That wasn't enough for some of his party's most liberal members.

Critics on social media quickly knocked Mr Castro's plan to provide only two years of free higher education — instead of four — as "half measures", ''scraps" and "corporate Dem doublespeak". Aware of the backlash, the former Obama administration Cabinet member clarified his position in an interview days later.

"At least the first two years of college or university or apprenticeship programme should be tuition free — and preferably four years," Mr Castro said. "We're going to work toward that."

Welcome to the 2020 presidential primaries. Almost no policy is too liberal for Democrats fighting to win over their party's base, which is demanding a presidential nominee dedicated to pursuing bold action on America's most pressing challenges.

Among two dozen possible candidates, virtually all have embraced universal health care in one form or another. Some have rallied behind free college, job guarantee programmes, a $15 (Dh55) minimum wage and abolishing — or at least reconstituting — the federal agency that enforces immigration laws. While few have outlined detailed proposals to fund their priorities, most would generate new revenue by taxing the rich.

The leftward lurch on top policies carries risks.

President Donald Trump and his Republican allies are betting that voters will ultimately reject the Democratic proposals as extreme. Some GOP leaders cast lesser plans as socialism during the Obama era.
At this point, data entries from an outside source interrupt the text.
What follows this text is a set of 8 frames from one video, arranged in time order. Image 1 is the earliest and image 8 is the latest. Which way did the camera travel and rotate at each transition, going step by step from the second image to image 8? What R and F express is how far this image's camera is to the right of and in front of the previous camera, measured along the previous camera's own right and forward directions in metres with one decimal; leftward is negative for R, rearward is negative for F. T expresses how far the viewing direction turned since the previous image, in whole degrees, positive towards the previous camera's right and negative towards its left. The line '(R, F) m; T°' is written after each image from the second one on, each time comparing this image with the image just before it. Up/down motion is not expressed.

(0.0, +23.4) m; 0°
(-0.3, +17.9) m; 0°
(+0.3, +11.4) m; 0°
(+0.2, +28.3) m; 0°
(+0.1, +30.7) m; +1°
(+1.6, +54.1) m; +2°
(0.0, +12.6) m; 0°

Republican critics are joined by a handful of moderate Democrats, who fear that promises by well-intentioned presidential prospects may create unrealistic expectations with their party's most passionate voters.
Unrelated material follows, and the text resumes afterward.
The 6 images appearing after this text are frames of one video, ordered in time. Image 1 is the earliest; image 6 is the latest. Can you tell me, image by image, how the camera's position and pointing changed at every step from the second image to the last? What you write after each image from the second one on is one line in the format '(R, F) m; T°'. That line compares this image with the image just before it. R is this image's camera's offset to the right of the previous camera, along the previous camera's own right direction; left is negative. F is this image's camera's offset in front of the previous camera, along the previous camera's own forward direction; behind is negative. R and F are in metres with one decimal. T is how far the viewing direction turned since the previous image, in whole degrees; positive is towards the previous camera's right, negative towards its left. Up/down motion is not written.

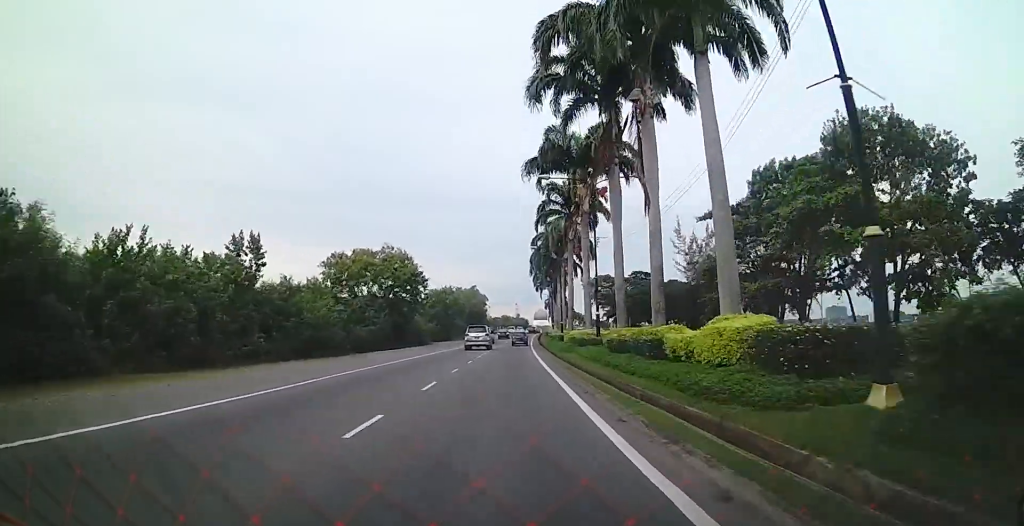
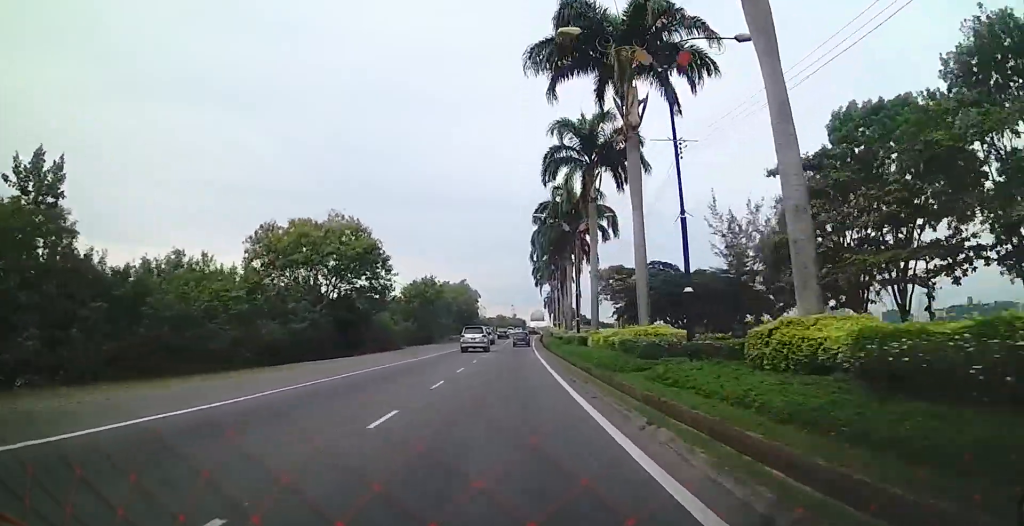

Billionaire businessman Michael Bloomberg, a former Republican mayor of New York now considering a Democratic presidential bid, recently opined that primary voters might be receptive to a more moderate approach.

"Most Democrats want a middle-of-the-road strategy," Mr Bloomberg said on ABC's The View. "If you go off on trying to push for something that has no chance of getting done, that we couldn't possibly pay for, that just takes away from where you can really make progress in helping people that need help today."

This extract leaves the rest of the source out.